WHAT THE TASK REQUIRES:
An exact copy of the entries, with every picture omitted, is what is needed here.

Data entries
━━━━━━━━━━

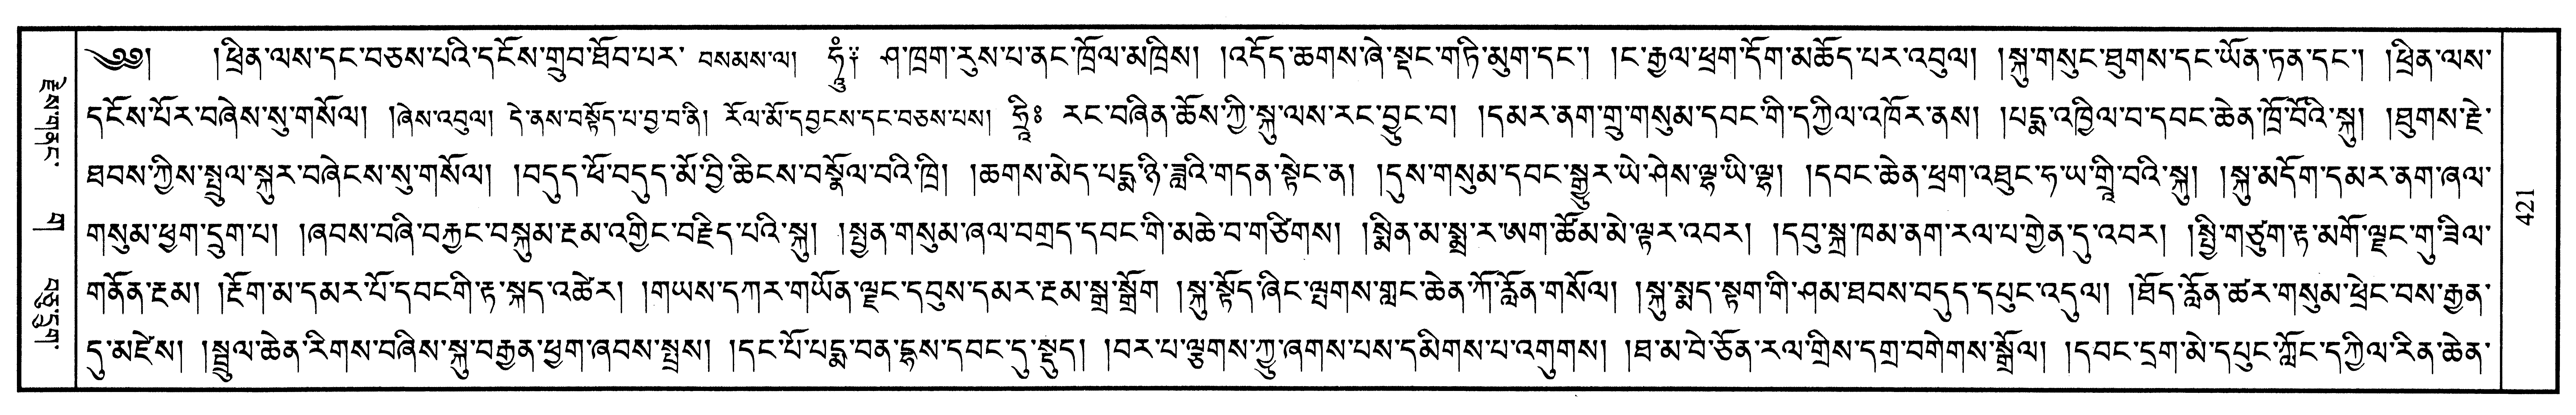༄༅། །ཕྲིན་ལས་དང་བཅས་པའི་དངོས་གྲུབ་ཐོབ་པར་བསམས་ལ། ཧཱུཾ༑ ཤ་ཁྲག་རུས་པ་ནང་ཁྲོལ་མཁྲིས། །འདོད་ཆགས་ཞེ་སྡང་གཏི་མུག་དང་། །ང་རྒྱལ་ཕྲག་དོག་མཆོད་པར་འབུལ། །སྐུ་གསུང་ཐུགས་དང་ཡོན་ཏན་དང་། །ཕྲིན་ལས་
དངོས་པོར་བཞེས་སུ་གསོལ། །ཞེས་འབུལ། དེ་ནས་བསྟོད་པ་བྱ་བ་ནི། རོལ་མོ་དབྱངས་དང་བཅས་པས། ཧྲཱིཿ རང་བཞིན་ཆོས་ཀྱི་སྐུ་ལས་རང་བྱུང་བ། །དམར་ནག་གྲུ་གསུམ་དབང་གི་དཀྱིལ་འཁོར་ནས། །པདམ་འཁྱིལ་བ་དབང་ཆེན་ཁྲོ་བོའི་སྐུ། །ཐུགས་རྗེ་
ཐབས་ཀྱིས་སྤྲུལ་སྐུར་བཞེངས་སུ་གསོལ། །བདུད་ཕོ་བདུད་མོ་བྱི་ཆིངས་བསྣོལ་བའི་ཁྲི། །ཆགས་མེད་པདམ་ཉི་ཟླའི་གདན་སྟེང་ན། །དུས་གསུམ་དབང་སྒྱུར་ཡེ་ཤེས་ལྷ་ཡི་ལྷ། །དབང་ཆེན་ཕྲག་ཐུང་ཧ་ཡ་གྲཱི་བའི་སྐུ། །སྐུ་མདོག་དམར་ནག་ཞལ་
གསུམ་ཕྱག་དྲུག་པ། །ཞབས་བཞི་བརྐྱང་བསྐུམ་རྔམ་འགྱིང་བརྗིད་པའི་སྐུ། །སྤྱན་གསུམ་ཞལ་བགྲད་དབང་གི་མཆེ་བ་གཙིགས། །སྨིན་མ་སྨྲ་ར་ཨག་ཚོམ་མེ་ལྟར་འབར། །དབུ་སྐྲ་ཁམ་ནག་རལ་པ་གྱེན་དུ་འབར། །སྤྱི་གཙུག་རྟ་མགོ་ལྗང་གུ་ཟིལ་
གནོན་རྔམ། །རྔོག་མ་དམར་པོ་དབང་གི་རྟ་སྐད་འཚེར། །གཡས་དཀར་གཡོན་ལྗང་དབུས་དམར་རྔམ་སྒྲ་སྒྲོག །སྐུ་སྟོད་ཞིང་ལྤགས་གླང་ཆེན་ཀོ་རློན་གསོལ། །སྐུ་སྨད་སྟག་གི་ཤམ་ཐབས་བདུད་དཔུང་འདུལ། །ཐོད་རློན་ཚར་གསུམ་ཕྲེང་བས་རྒྱན་
དུ་མཛེས། །སྦྲུལ་ཆེན་རིགས་བཞིས་སྐུ་བརྒྱན་ཕྱག་ཞབས་སྤྲས། །དང་པོ་པདམ་བན་དྷས་དབང་དུ་སྡུད། །བར་པ་ལྕགས་ཀྱུ་ཞགས་པས་དམིགས་པ་འགུགས། །ཐ་མ་བེ་ཅོན་རལ་གྲིས་དགྲ་བགེགས་སྒྲོལ། །དབང་དྲག་མེ་དཔུང་ཀློང་དཀྱིལ་རིན་ཆེན་

━━━━━━━━━━

YOUR SOLUTION:
༄༅། །ཕྲིན་ལས་དང་བཅས་པའི་དངོས་གྲུབ་ཐོབ་པར་བསམས་ལ། ཧཱུཾ༑ ཤ་ཁྲག་རུས་པ་ནང་ཁྲོལ་མཁྲིས། །འདོད་ཆགས་ཞེ་སྡང་གཏི་མུག་དང་། །ང་རྒྱལ་ཕྲག་དོག་མཆོད་པར་འབུལ། །སྐུ་གསུང་ཐུགས་དང་ཡོན་ཏན་དང་། །ཕྲིན་ལས་
དངོས་པོར་བཞེས་སུ་གསོལ། །ཞེས་འབུལ། དེ་ནས་བསྟོད་པ་བྱ་བ་ནི། རོལ་མོ་དབྱངས་དང་བཅས་པས། ཧྲཱིཿ རང་བཞིན་ཆོས་ཀྱི་སྐུ་ལས་རང་བྱུང་བ། །དམར་ནག་གྲུ་གསུམ་དབང་གི་དཀྱིལ་འཁོར་ནས། །པདམ་འཁྱིལ་བ་དབང་ཆེན་ཁྲོ་བོའི་སྐུ། །ཐུགས་རྗེ་
ཐབས་ཀྱིས་སྤྲུལ་སྐུར་བཞེངས་སུ་གསོལ། །བདུད་ཕོ་བདུད་མོ་བྱི་ཆིངས་བསྣོལ་བའི་ཁྲི། །ཆགས་མེད་པདམ་ཉི་ཟླའི་གདན་སྟེང་ན། །དུས་གསུམ་དབང་སྒྱུར་ཡེ་ཤེས་ལྷ་ཡི་ལྷ། །དབང་ཆེན་ཕྲག་ཐུང་ཧ་ཡ་གྲཱི་བའི་སྐུ། །སྐུ་མདོག་དམར་ནག་ཞལ་
གསུམ་ཕྱག་དྲུག་པ། །ཞབས་བཞི་བརྐྱང་བསྐུམ་རྔམ་འགྱིང་བརྗིད་པའི་སྐུ། །སྤྱན་གསུམ་ཞལ་བགྲད་དབང་གི་མཆེ་བ་གཙིགས། །སྨིན་མ་སྨྲ་ར་ཨག་ཚོམ་མེ་ལྟར་འབར། །དབུ་སྐྲ་ཁམ་ནག་རལ་པ་གྱེན་དུ་འབར། །སྤྱི་གཙུག་རྟ་མགོ་ལྗང་གུ་ཟིལ་
གནོན་རྔམ། །རྔོག་མ་དམར་པོ་དབང་གི་རྟ་སྐད་འཚེར། །གཡས་དཀར་གཡོན་ལྗང་དབུས་དམར་རྔམ་སྒྲ་སྒྲོག །སྐུ་སྟོད་ཞིང་ལྤགས་གླང་ཆེན་ཀོ་རློན་གསོལ། །སྐུ་སྨད་སྟག་གི་ཤམ་ཐབས་བདུད་དཔུང་འདུལ། །ཐོད་རློན་ཚར་གསུམ་ཕྲེང་བས་རྒྱན་
དུ་མཛེས། །སྦྲུལ་ཆེན་རིགས་བཞིས་སྐུ་བརྒྱན་ཕྱག་ཞབས་སྤྲས། །དང་པོ་པདམ་བན་དྷས་དབང་དུ་སྡུད། །བར་པ་ལྕགས་ཀྱུ་ཞགས་པས་དམིགས་པ་འགུགས། །ཐ་མ་བེ་ཅོན་རལ་གྲིས་དགྲ་བགེགས་སྒྲོལ། །དབང་དྲག་མེ་དཔུང་ཀློང་དཀྱིལ་རིན་ཆེན་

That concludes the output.